Abandoned dependency: `font-mfizz@^2.4.1`

"font-mfizz": "^2.4.1",

font-mfizz (technology/brand icon font) was last released around 2014. The repository is archived/dormant. While an icon font is a low-severity attack surface on its own, abandoned packages are exactly the targets attackers acquire and republish (cf. event-stream, coa, ua-parser-js patterns).

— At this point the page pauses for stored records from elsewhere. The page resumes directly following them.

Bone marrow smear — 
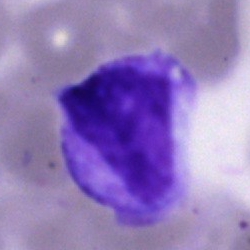

Impression — unidentifiable cell.
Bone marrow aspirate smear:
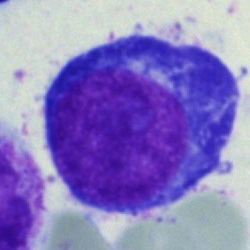

Morphology consistent with a pronormoblast.
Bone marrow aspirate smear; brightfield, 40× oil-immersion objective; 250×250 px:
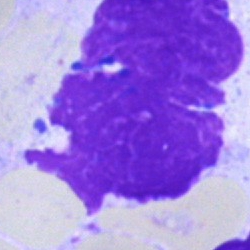Morphological class = artefact.
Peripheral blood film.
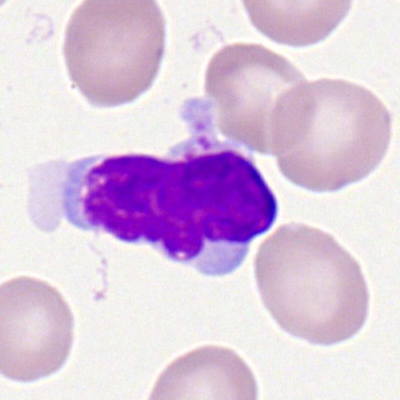Single cell identified as a typical lymphocyte.
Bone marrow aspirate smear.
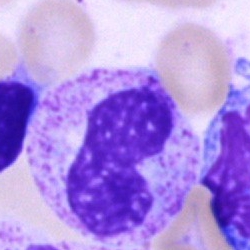Specimen: bone marrow aspirate smear.
Cell: neutrophil (band).
Lineage: myeloid.
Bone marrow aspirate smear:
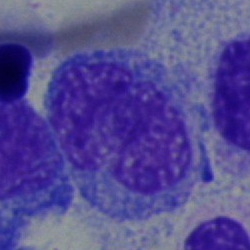

Q: Identify the cell.
A: It is a monocyte.

Replace with material-icons (already present in this manifest) or simple-icons/devicons.

1. npm view font-mfizz time.modified — confirm last release date.
2. Inventory components that import font-mfizz CSS class names.
3. Replace with an actively-maintained icon font and remove the dependency.

Low direct exploitability, but the package is an attractive target for maintainer-account takeover; if compromised, a malicious version would be loaded by every page that uses the icon font.

The font-mfizz dependency is indeed present at line in frontend/package.json ("font-mfizz": "^2.4.1"), and the package is verifiably abandoned — its last npm publish was in 2014/2015 and the upstream repo has been dormant for ~10 years. The caret range would happily pull in a malicious 2.x republish if the maintainer account were compromised, which is precisely the supply-chain risk pattern the finding describes. The scope explicitly tells us to treat findings as if this were a real production application, so an abandoned, replaceable icon font (especially when material-icons is already in the same manifest) is a legitimate hygiene/supply-chain finding to fix. Severity is low and direct exploitability requires a separate compromise, but the abandoned-dependency claim itself is factually correct.

The finding flags font-mfizz@^2.4.1 in frontend/package.json as a dormant package — there is no currently exploitable sink in the code, only the supply-chain risk that an attacker takes over the abandoned namespace and publishes a malicious version. AC is High because exploitation requires the attacker to first acquire/compromise the upstream maintainer account (a precondition outside the normal attack flow); AV is Network and UI is Required because impact would only materialize when an end-user loads a page importing the icon font. PR is None (no app auth involved in pulling the package). Scope stays Unchanged and C/I are scored Low (A: None) to reflect that as written this is an icon font with low direct attack surface — a hijacked release could plausibly ship CSS/font payloads or an install script, but nothing in the manifest shows it being trusted with elevated privileges beyond the frontend bundle itself.